TJX Begins Site Work for Lordstown Warehouse

LORDSTOWN, Ohio – Work quietly got underway last month on the long-anticipated regional distribution center for TJX Companies Inc.

Construction of the distribution hub, which is expected to cost up to $170 million to build, began last month, confirmed Erika Tower, TJX assistant vice president and spokeswoman for HomeGoods Inc., the TJX subsidiary that the warehouse will serve.

Work on the site began about a week ago, Mayor Arno Hill said Thursday evening.

“They’re moving forward at quite a rapid pace,” he reported. Many of the trees already are cleared from much of the site, except for those in the conservancy area. “And they’ve moved a lot of dirt,” he added.

Rather than conducting a ceremonial groundbreaking event, the company will do something at a later date, Tower said in an email responding to a request for comment.

“We typically take a pretty quiet approach,” she said. “As we mentioned previously, we had expected to begin site work last month and that is underway.”

Beyond that, she declined to provide further details regarding the 1.2 million-square foot warehouse and distribution center, which the company earlier had projected to be complete in 2020. According to its request for a 10-year, 75% tax abatement that the Trumbull County Board of Commissioners approved in March, TJX expects to create 1,000 full-time jobs at the site by the end of 2024. Officials have projected payroll at between $27 million and $30 million.

Physical work on the project follows more than a year of government actions, environmental reviews and often-acrimonious debate regarding the project, which first came to light in March 2018. Officials with the Youngstown/Warren Regional Chamber had been working with TJX since early 2016.

“It was a long process to get where we are today and there is definitely a sense of relief that the site clearing had begun,” said Sarah Boyarko, the chamber’s chief operating officer.

Challenges and protests by a group of village residents opposed to rezoning the 290 acres where TJX proposed building the distribution center at one point led the company to withdraw its application to rezone the land. After village residents upheld the rezoning in an August referendum, opponents unsuccessfully pursued a court challenge to the state law that permitted the referendum to take place.

In late March, TJX completed the purchase of the property for the warehouse.

Hill welcomed the new jobs and revenue to Lordstown, which is reeling from the March idling of the General Motors plant there. The village is getting to the point where it is a “retirement community,” based on its graying population, he remarked.

“Retirees don’t pay the village bills and we run our village off the village income tax,” he said.
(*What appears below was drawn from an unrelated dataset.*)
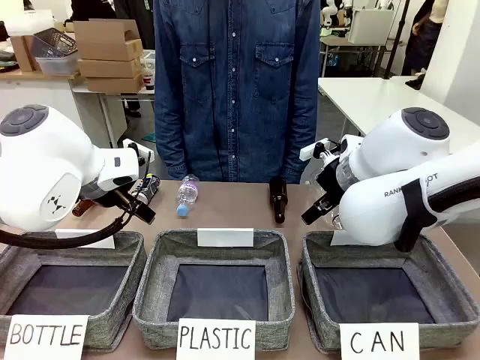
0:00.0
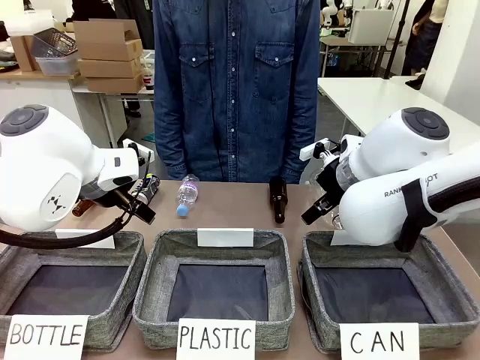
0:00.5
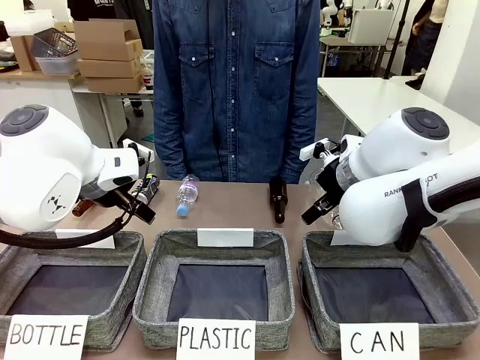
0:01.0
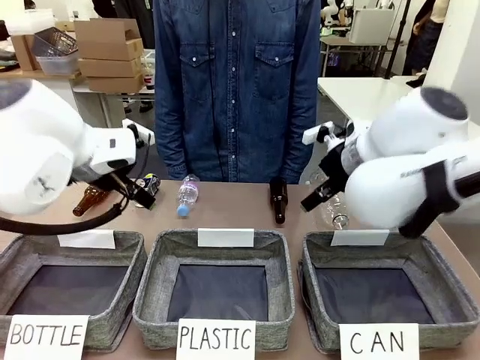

It’s good to have jobs coming in to offset the loss of the GM plant, he said, though he hasn’t given up hope on it yet.

The idled General Motors Lordstown complex can be seen from the land being prepared for the TJX HomeGoods distribution hub.

Though not approached personally, the mayor also said he has heard about other parties who were interested in locating in the village but had waited to see what happened with the zone change.

Boyarko was unsure how long the site-clearing work would take or when steel would go up on the site, but she was encouraged to see the earth-moving equipment on-site to begin the construction process.

“I am sure that things will progress quickly from this point forward,” Boyarko said. “I can’t wait to see the building take shape in the coming months.”

Pictured above: Earth-moving equipment is on-site and work has begun on the land for the TJX HomeGoods distribution center.